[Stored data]
┏━━

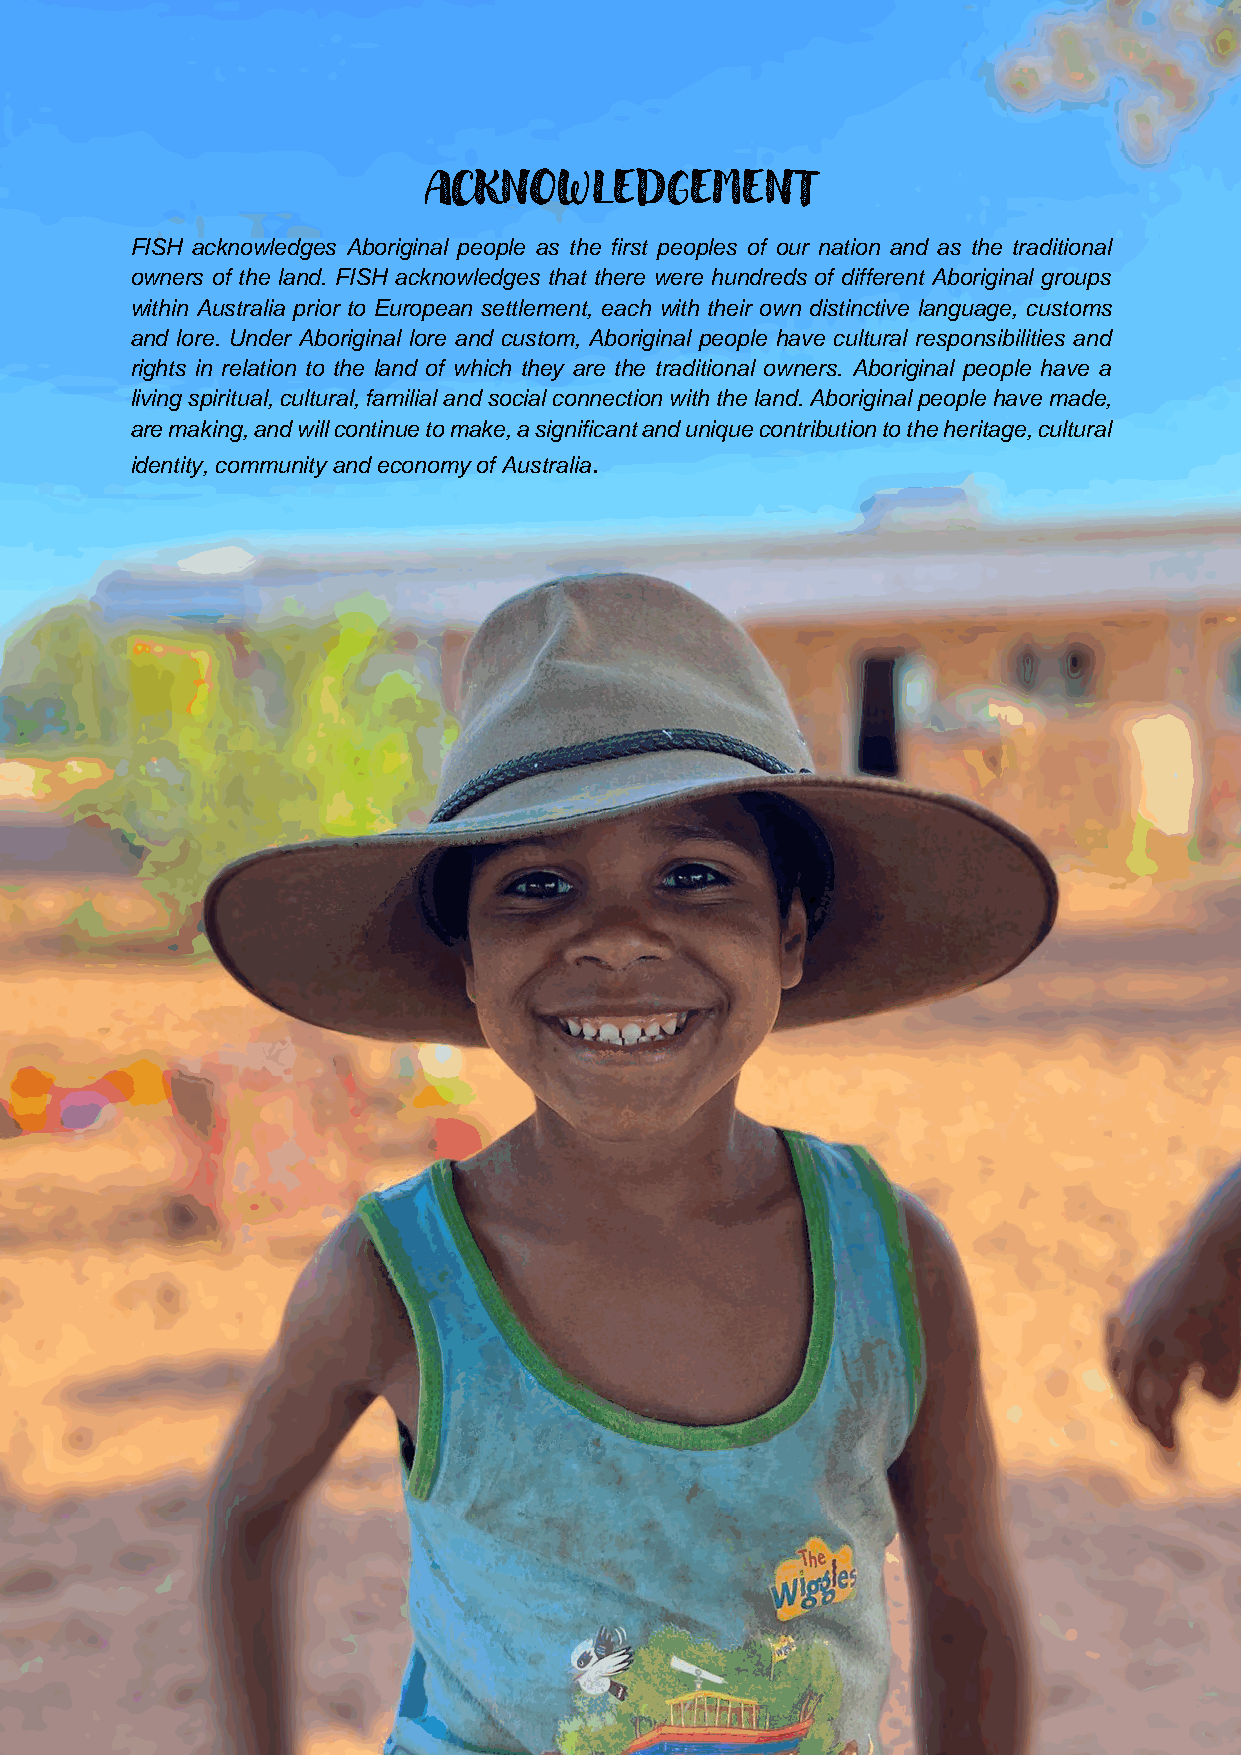
FISH
 Annual Report
 2019-2020
 ACKNOWLEDGEMENT
 FISH acknowledges Aboriginal people as the first peoples of our nation and as the traditional
 owners of the land. FISH acknowledges that there were hundreds of different Aboriginal groups
 within Australia prior to European settlement, each with their own distinctive language, customs
 and lore. Under Aboriginal lore and custom, Aboriginal people have cultural responsibilities and
 rights in relation to the land of which they are the traditional owners. Aboriginal people have a
 living spiritual, cultural, familial and social connection with the land. Aboriginal people have made,
 are making, and will continue to make, a significant and unique contribution to the heritage, cultural
 identity, community and economy of Australia.
 2
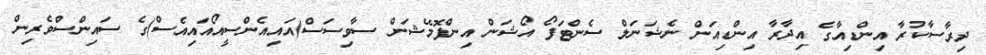
ދިރާސާކުރާ އިންޑިއާގެ އިދާރާ އިންޑިއަން ނެޝަނަލް ސެންޓަފޯ އޯޝަން އިންފޮމޭޝަން ސާވިސަސް(އައިއެންސީއޯއައިއެސް)ގެ ސައިންސްވެރިން
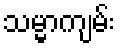
သမ္မာကျမ်း
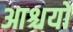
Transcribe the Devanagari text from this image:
आश्चयों
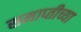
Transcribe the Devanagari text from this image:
समाप्‍तीच्या
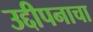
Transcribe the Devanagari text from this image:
उद्दीपनाचा
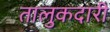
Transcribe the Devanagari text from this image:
तालुकदारी
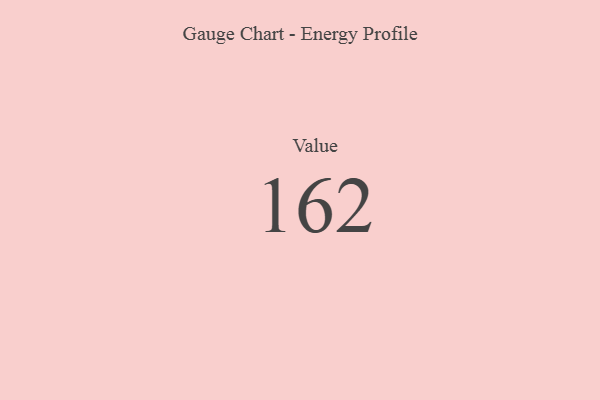
{"axis": {"x": "Metric", "y": "Value"}, "legend": [""], "data": [{"x": "Value", "y": 162, "type": ""}]}
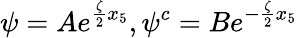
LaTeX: \psi=Ae^{\frac{\zeta}{2}x_{5}},\psi^{c}=Be^{-\frac{\zeta}{2}x_{5}}
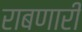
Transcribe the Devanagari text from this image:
राबणारी
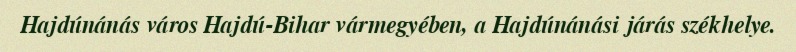
Hajdúnánás város Hajdú-Bihar vármegyében, a Hajdúnánási járás székhelye.
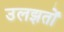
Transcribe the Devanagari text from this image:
उलझतों
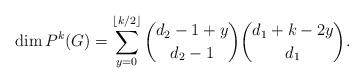
LaTeX: \begin{align*}\dim P^k(G) = \sum_{y=0}^{\lfloor k/2 \rfloor} { d_2-1+y \choose d_2-1 } { d_1 + k-2y \choose d_1 }. \end{align*}
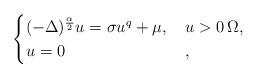
LaTeX: \begin{align*}\begin{cases}(-\Delta)^{\frac{\alpha}{2}} u =\sigma u^q + \mu, \, & u>0 \, \Omega, \\u = 0 & ,\end{cases} \end{align*}
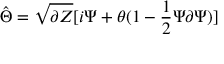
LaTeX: \hat { \Theta } = \sqrt { \partial Z } [ i \Psi + \theta ( 1 - \frac { 1 } { 2 } \Psi \partial \Psi ) ]
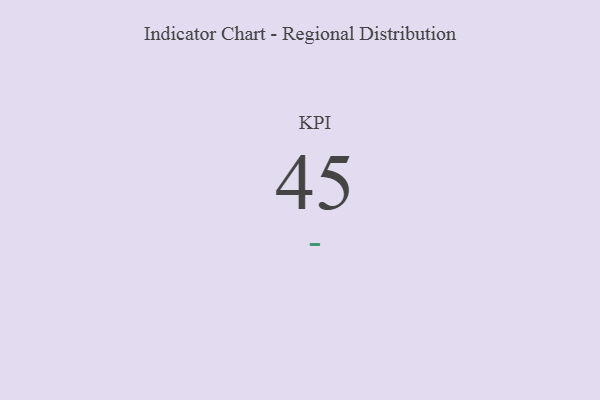
{"axis": {"x": "KPI", "y": "Value"}, "legend": [""], "data": [{"x": "KPI", "y": 45, "type": ""}]}
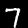
Digit: 7
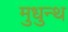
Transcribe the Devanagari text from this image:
मुधुन्थ
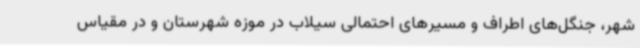
شهر، جنگل‌های اطراف و مسیرهای احتمالی سیلاب در موزه شهرستان و در مقیاس
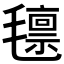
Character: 𭯨
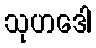
သုဟဒေါ
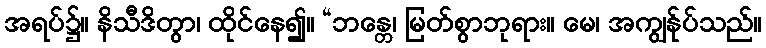
အရပ်၌။ နိသီဒိတွာ၊ ထိုင်နေ၍။ “ဘန္တေ၊ မြတ်စွာဘုရား။ မေ၊ အကျွန်ုပ်သည်။
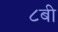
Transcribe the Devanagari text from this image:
८बी
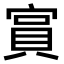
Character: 𫳧
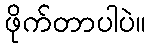
ဖိုက်တာပါပဲ။
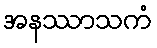
အနဿာသကံ
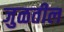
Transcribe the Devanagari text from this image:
जुळतील
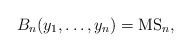
\begin{gather*}B_n(y_1, \ldots, y_n)= {\rm MS}_n,\end{gather*}
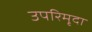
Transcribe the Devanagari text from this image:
उपरिमृदा
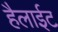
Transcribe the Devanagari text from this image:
हैलाईट
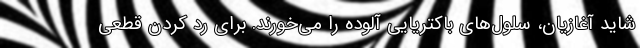
شاید آغازیان، سلول‌های باکتریایی آلوده را می‌خورند. برای رد کردن قطعی
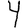
Digit: 4
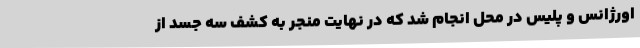
اورژانس و پلیس در محل انجام شد که در نهایت منجر به کشف سه جسد از
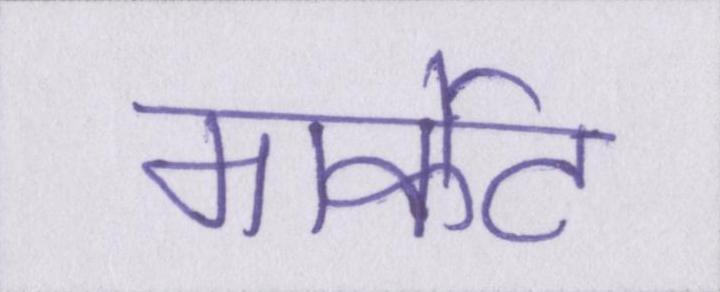
मार्केट
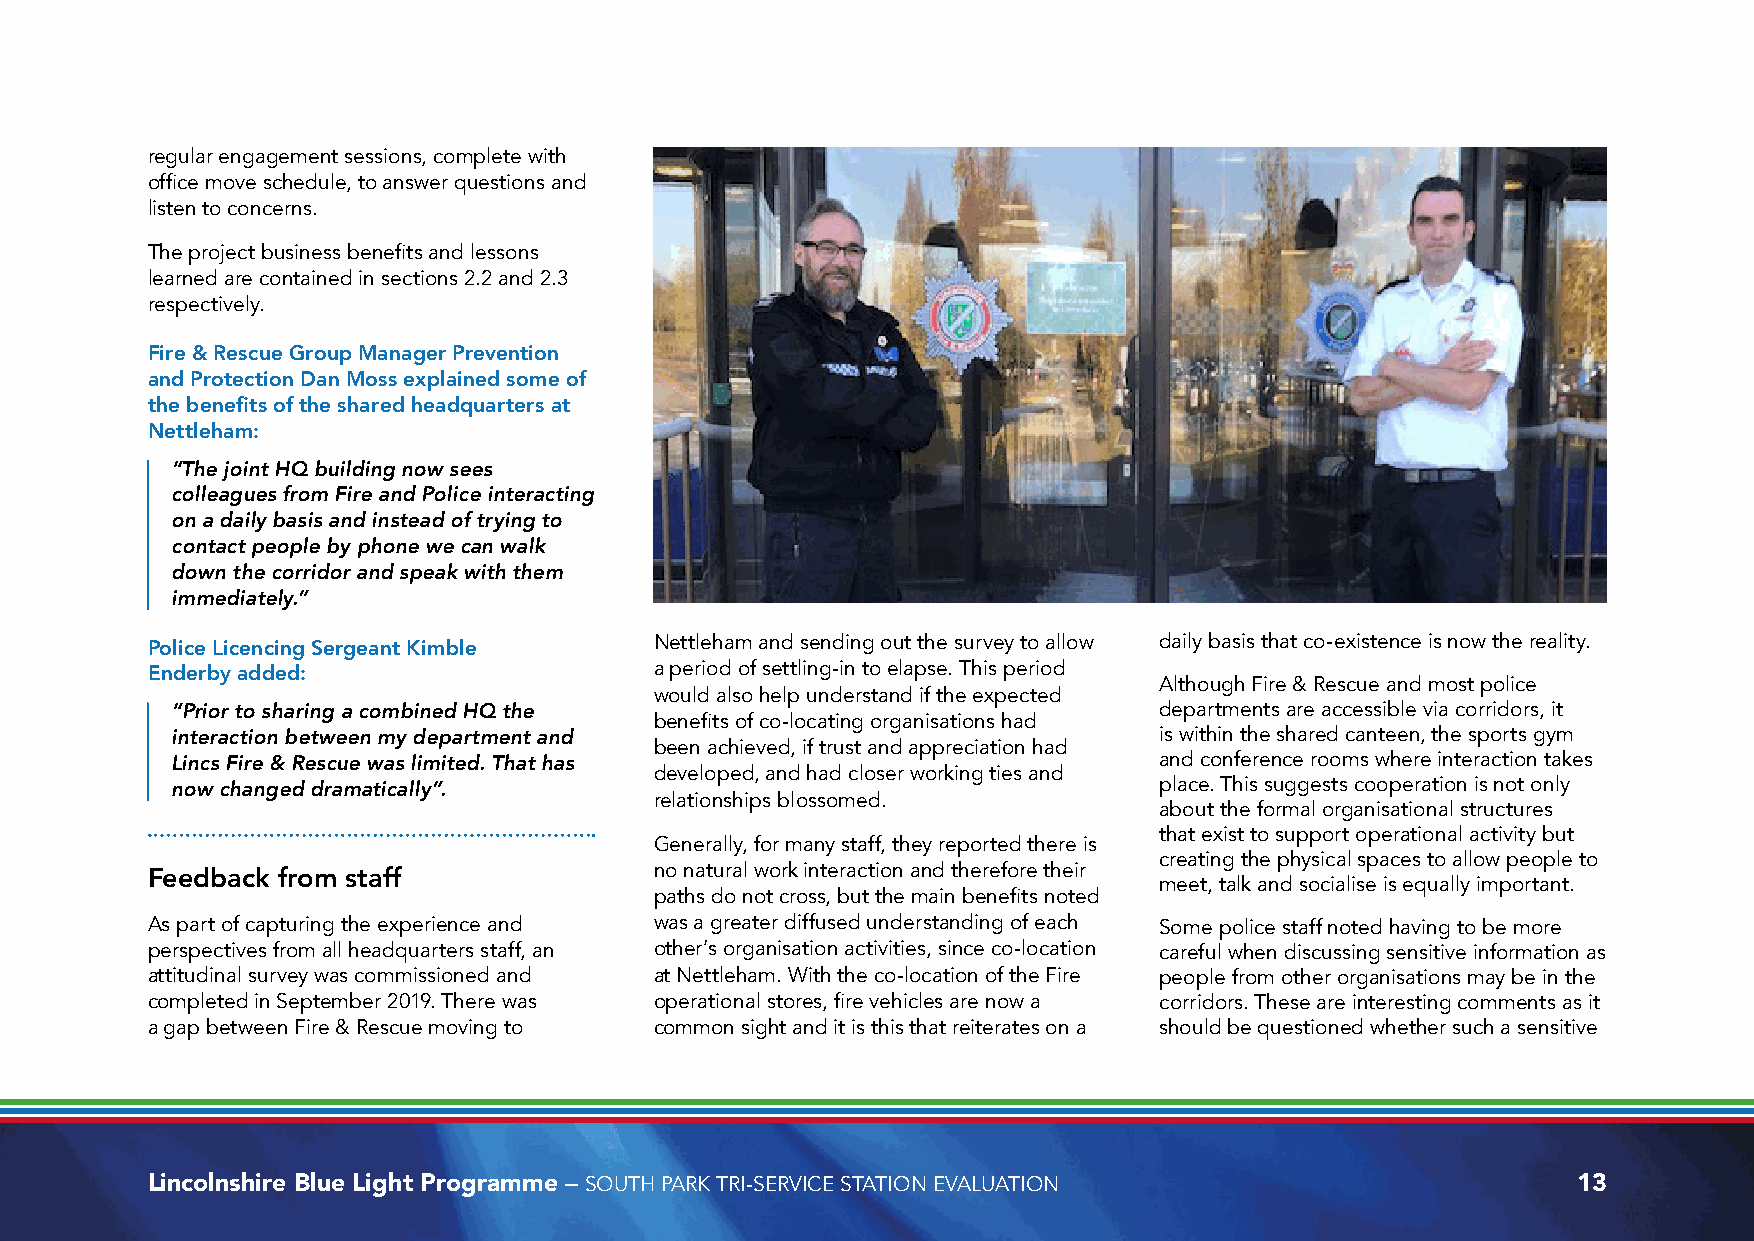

┗━━

DIRECTIONS – Output exactly the lines from the line with "Character: 𫳧" to the last line of the records, including both, and leave every picture out.

TASK ANSWER –
Character: 𫳧
ဖိုက်တာပါပဲ။
အနဿာသကံ
Transcribe the Devanagari text from this image:
जुळतील
\begin{gather*}B_n(y_1, \ldots, y_n)= {\rm MS}_n,\end{gather*}
Transcribe the Devanagari text from this image:
उपरिमृदा
Transcribe the Devanagari text from this image:
हैलाईट
شاید آغازیان، سلول‌های باکتریایی آلوده را می‌خورند. برای رد کردن قطعی
Digit: 4
اورژانس و پلیس در محل انجام شد که در نهایت منجر به کشف سه جسد از
मार्केट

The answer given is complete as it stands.